Health

Ebola: Your questions answered

A Congolese health worker administers ebola vaccine to a child at the Himbi Health Centre in Goma Image copyright Reuters

The latest Ebola outbreak, in the Democratic Republic of Congo, has been declared a "public health emergency of international concern" by the World Health Organization.

This outbreak is the second biggest on record and has infected 2,500 people, of which more than 1,600 have died.

The biggest outbreak was the epidemic that ravaged parts of West Africa from 2014 to 2016, killing more than 11,000 people.

You sent us your questions about the virus, which BBC health and science correspondent James Gallagher has answered.

Norman: Where did Ebola come from and when was it first detected?

Ebola was discovered in 1976, when there were two deadly outbreaks of the disease. One was in the Democratic Republic of Congo, the former Zaire, in a village near the Ebola river, hence the virus's name. However, exactly where Ebola comes from remains something of a mystery.

People are not the "natural hosts" of Ebola. And in every outbreak, the virus has transferred to humans from another animal species. Fruit bats are a very likely culprit - but this has not been definitively confirmed.
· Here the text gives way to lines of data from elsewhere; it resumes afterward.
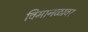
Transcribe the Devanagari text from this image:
विमानळावर
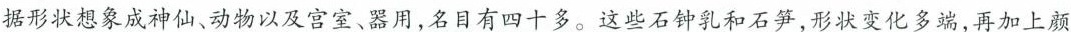
据形状想象成神仙、动物以及宫室、器用，名目有四十多。这些石钟乳和石笋，形状变化多端，再加上颜
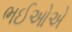
ભઈઓએ
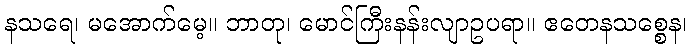
နသရေ၊ မအောက်မေ့။ ဘာတု၊ မောင်ကြီးနန်းလျာဥပရာ။ ဧတေနသစ္စေန၊
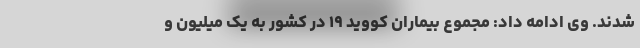
شدند. وی ادامه داد: مجموع بیماران کووید ۱۹ در کشور به یک میلیون و
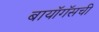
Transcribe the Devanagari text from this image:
बायॉगॅसची
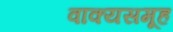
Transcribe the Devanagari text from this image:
वाक्यसमूह
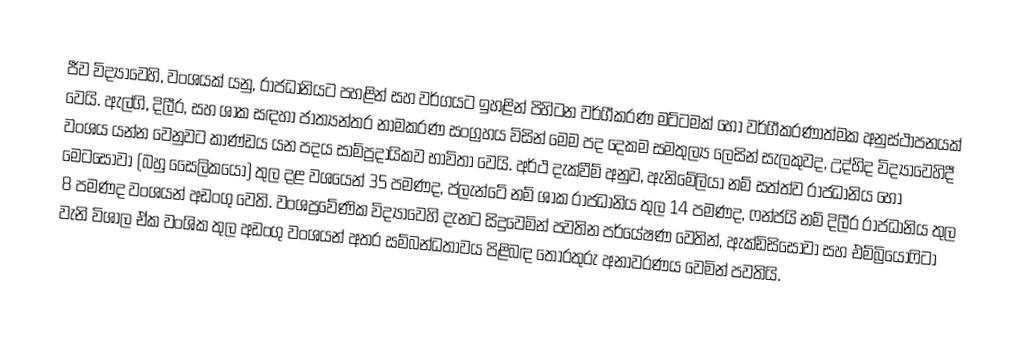
ජීව විද්‍යාවෙහි, වංශයක් යනු, රාජධානියට පහළින් සහ වර්ගයට ඉහළින් පිහිටන වර්ගීකරණ මට්ටමක් හෝ  වර්ගීකරණාත්මක අනුස්ථාපනයක් වෙයි. ඇල්ගි, දිලීර, සහ ශාක සඳහා ජාත්‍යන්තර නාමකරණ සංග්‍රහය විසින් මෙම පද දෙකම  සමතුල්‍ය ලෙසින් සැලකුවද, උද්භිද විද්‍යාවෙහිදී වංශය යන්න වෙනුවට කාණ්ඩය යන පදය සාම්ප්‍රදායිකව භාවිතා වෙයි.    අර්ථ දැක්වීම් අනුව, ඇනිමේලියා නම් සත්ත්ව රාජධානිය හෝ මෙටසෝවා (බහු සෛලිකයෝ) තුල දළ වශයෙන් 35 පමණද, ප්ලැන්ටේ නම් ශාක රාජධානිය තුල 14 පමණද, ෆන්ජයි නම්  දිලීර රාජධානිය තුල 8 පමණද වංශයන් අඩංගු වෙති.  වංශප්‍රවේණික විද්‍යාවෙහි දැනට සිදුවෙමින් පවතින පර්යේෂණ වෙතින්,  ඇක්ඩිසිසෝවා සහ එම්බ්‍රියෝෆිටා වැනි විශාල ඒක වංශික තුල අඩංගු වංශයන් අතර සම්බන්ධතාවය පිළිබඳ තොරතුරු අනාවරණය වෙමින් පවතියි.
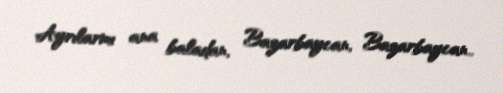
Ayrılarmı ana baladan, Bazarbaycan, Bazarbaycan..
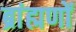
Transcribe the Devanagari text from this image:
ब्रांह्मणों
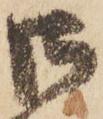
御
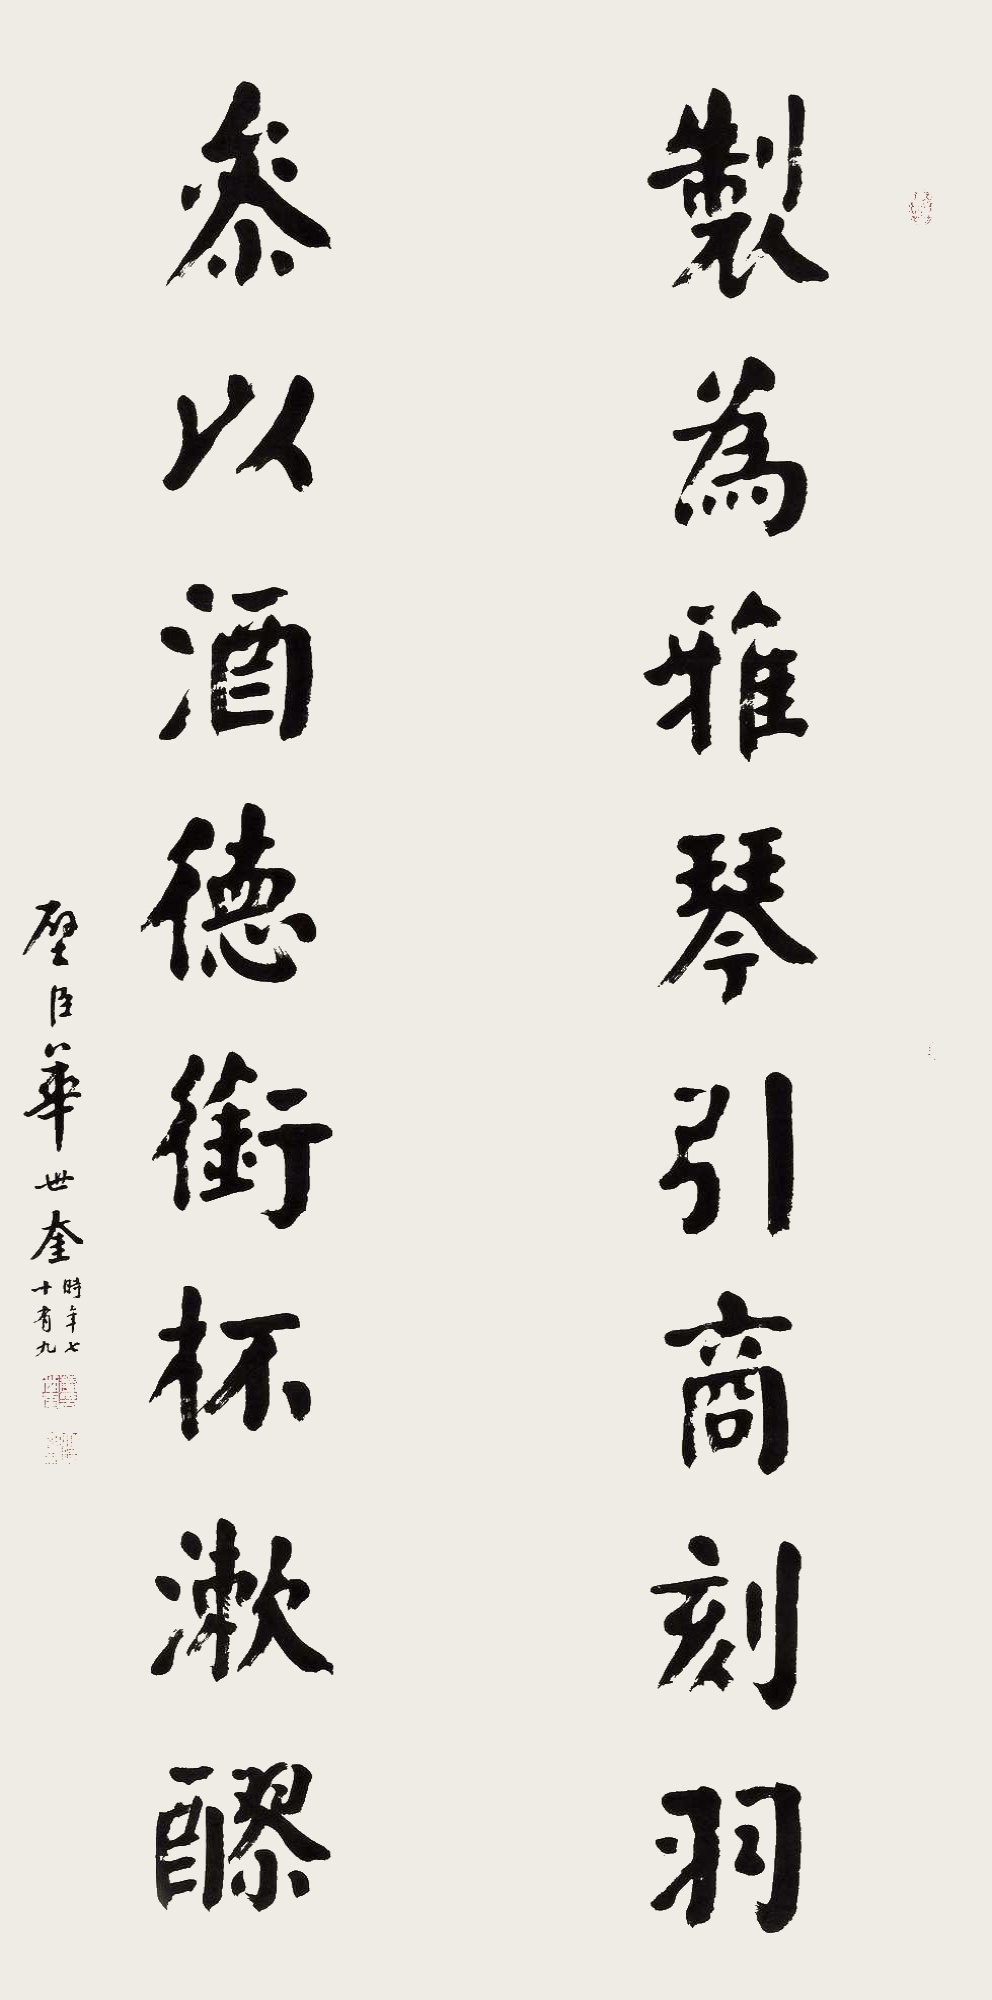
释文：制为雅琴引商刻羽，参以酒德衔杯漱醪。壁臣华世奎时年七十有九。

Masitano: What are the factors contributing to the mistrust of healthcare workers in DR Congo and to what extent is this a challenge?
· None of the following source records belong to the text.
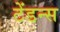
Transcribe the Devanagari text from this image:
टेंडन्स
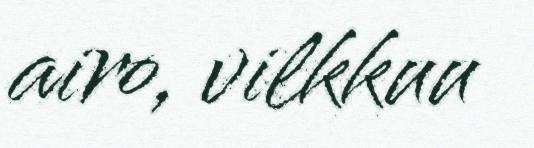
airo, vilkkuu
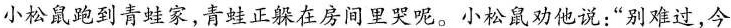
小松鼠跑到青蛙家，青蛙正躲在房间里哭呢。小松鼠劝他说：“别难过，今
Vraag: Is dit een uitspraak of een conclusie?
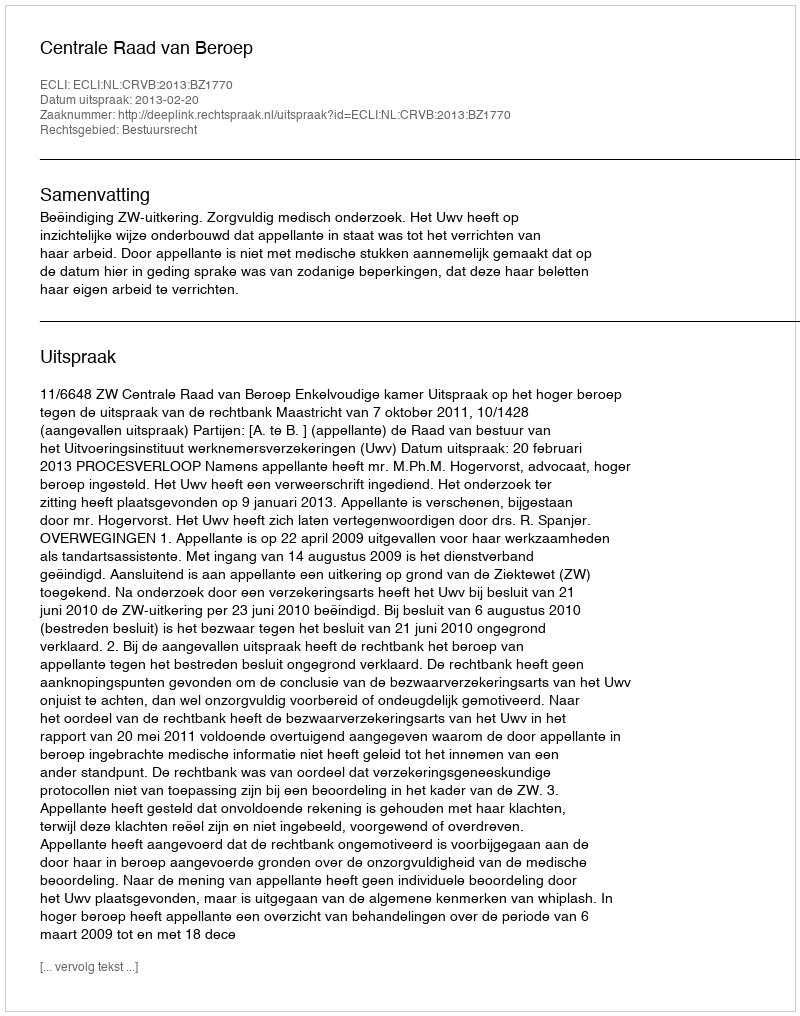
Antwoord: Uitspraak
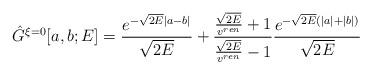
LaTeX: \begin{align*}\hat{G}^{\xi = 0}[a, b; E] = \frac{e^{-\sqrt{2E} |a - b|}}{\sqrt{2E}}+ \frac{\frac{\sqrt{2E}}{v^{ren}} + 1} {\frac{\sqrt{2E}}{v^{ren}} - 1}\frac{e^{-\sqrt{2E}(|a| + |b|)}}{\sqrt{2E}}\end{align*}
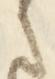
さ
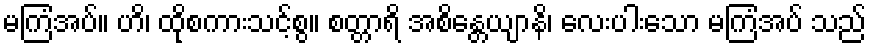
မကြံအပ်။ ဟိ၊ ထိုစကားသင့်စွ။ စတ္တာရိ အစိန္တေယျာနိ၊ လေးပါးသော မကြံအပ် သည်
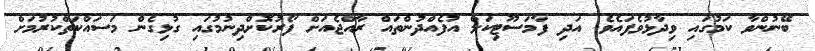
ބޭނުންވާ ކަމުގައި ވިދާޅުވެފައެވެ. އަދި ފާމަސޫޓިކަލް އުފެއްދުންތައް ރާއްޖެއަށް ފޯރުކޮށްދިނުމުގައި ގުޅިގެން މަސައްކަތްކުރުމަށް
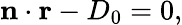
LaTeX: \mathbf{n}\cdot\mathbf{r}-D_{0}=0,
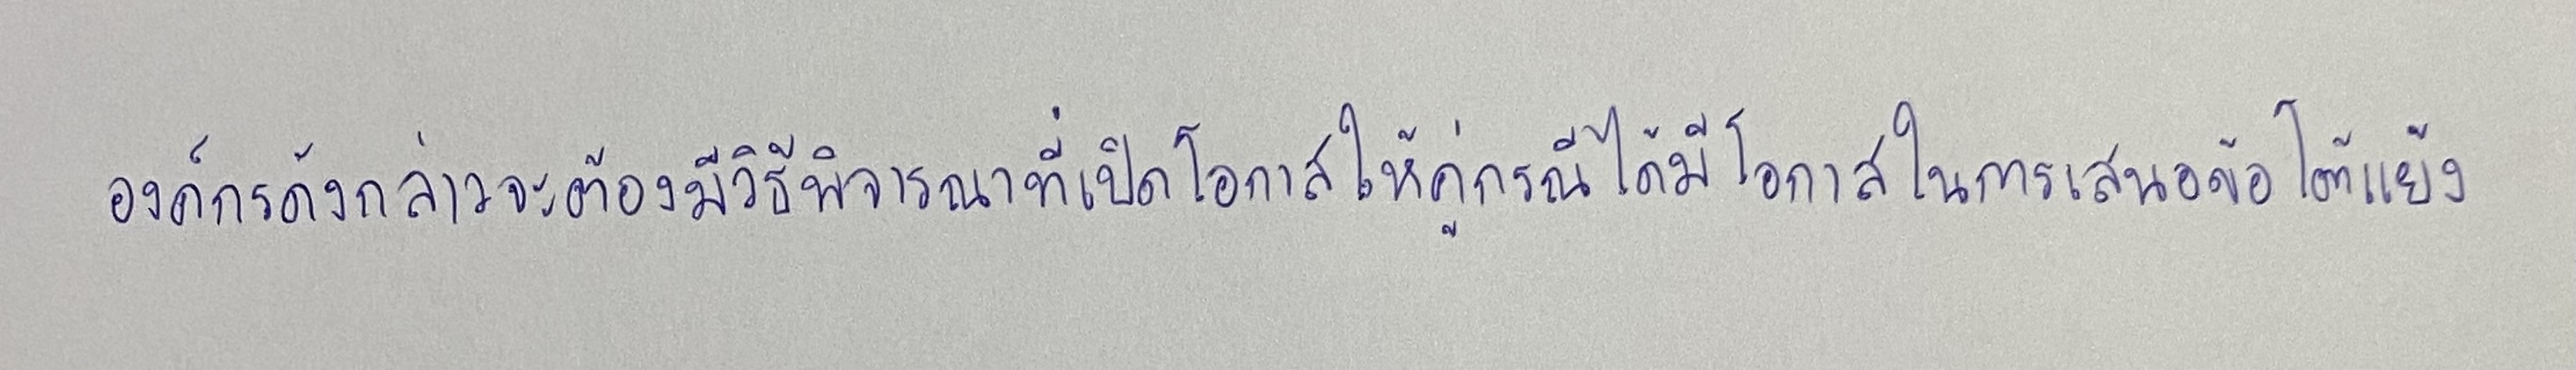
องค์กรดังกล่าวจะต้องมีวิธีพิจารณาที่เปิดโอกาสให้คู่กรณีได้มีโอกาสในการเสนอข้อโต้แย้ง
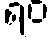
ရဝ
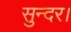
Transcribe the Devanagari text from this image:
सुन्दर।
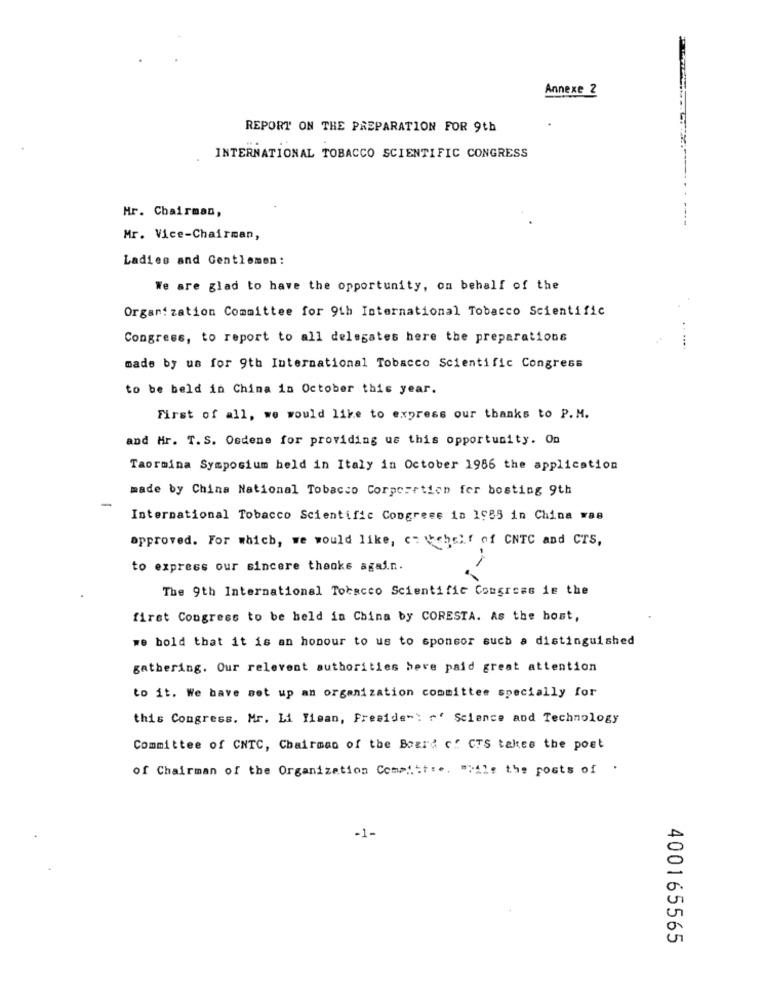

Mistrust is a massive problem. It stems from decades of conflict in the region eroding faith in local authorities and leading to widespread mistrust of foreigners.

The motives of healthcare workers and their security escorts (needed because of the risk of violence) are questioned.

And a survey, in The Lancet Infectious Diseases, suggests one in four people in DR Congo does not even believe Ebola is real.

Rumours Ebola has been made up for financial gain (such as through organ trafficking) circulate.

This is all dangerous because Ebola can be tackled only by working with the community.

A third of deaths are in people's homes - where they risk spreading the disease - rather than in Ebola treatment centres.

And tracing contacts of Ebola patients is impossible if people do not cooperate.

Justin: Why are there no travel restrictions?

Simply because the World Health Organization thinks restrictions could make things worse.

It said it was essential to avoid "punitive economic consequences" of imposing trade and travel restrictions and it was necessary to protect people's livelihoods.

"It is also crucial that states do not use the public health emergency of international concern as an excuse to impose trade or travel restrictions, which would have a negative impact on the response and on the lives and livelihoods of people in the region," said Prof Robert Steffen, who chairs the WHO's Emergency Committee.

Instead of closing borders, there is extensive screening to detect people who may have been infected with the disease.

In the past week, more than 2.1 million screening tests (which involve a temperature test to detect fever) were conducted on major transport routes.

What is Ebola?

Image copyright BSIP/Getty Images
  • Ebola is a virus that initially causes sudden fever, intense weakness, muscle pain and a sore throat
  • It progresses to vomiting, diarrhoea and both internal and external bleeding
  • People are infected when they have direct contact through broken skin, or the mouth and nose, with the blood, vomit, faeces or bodily fluids of someone with Ebola
  • Patients tend to die from dehydration and multiple organ failure

Ali: Why can't the vaccine be made a mandatory for everyone?

One issue is the amount of vaccine available.

Instead, a process called "ring vaccination" is used.

If someone is diagnosed with Ebola, then everyone they have come into contact with, and, in turn, everyone they have come into contact with, is offered the Ebola vaccine.

People at high risk - such as doctors and nurses treating patients - are also given the jab.

Maike: How and where can you receive the vaccination against Ebola?

If you're not one of the people above, then you can't. The vaccine still hasn't been commercially licensed, so it is being used on the front line of the outbreak in DR Congo only.

Gordon: I am due to fly into DR Congo, via Goma. Should I go?

It is best to check the current advice being issued by your government.

The UK's Foreign and Commonwealth Office advises "against all but essential travel" to Goma. And it advises against all travel to some other parts of DR Congo.

Emily: Has it been disproven that the Ebola outbreak originated from eating bushmeat?

The first person to catch Ebola in an outbreak will have caught it through close contact with the blood, organs or other bodily fluids of infected animals.

This could include fruit bats (potentially the natural reservoir of Ebola), chimpanzees, gorillas, monkeys, forest antelope or porcupines which can all be infected with and killed by Ebola. Preparing or eating infected bushmeat is a potential source of infection.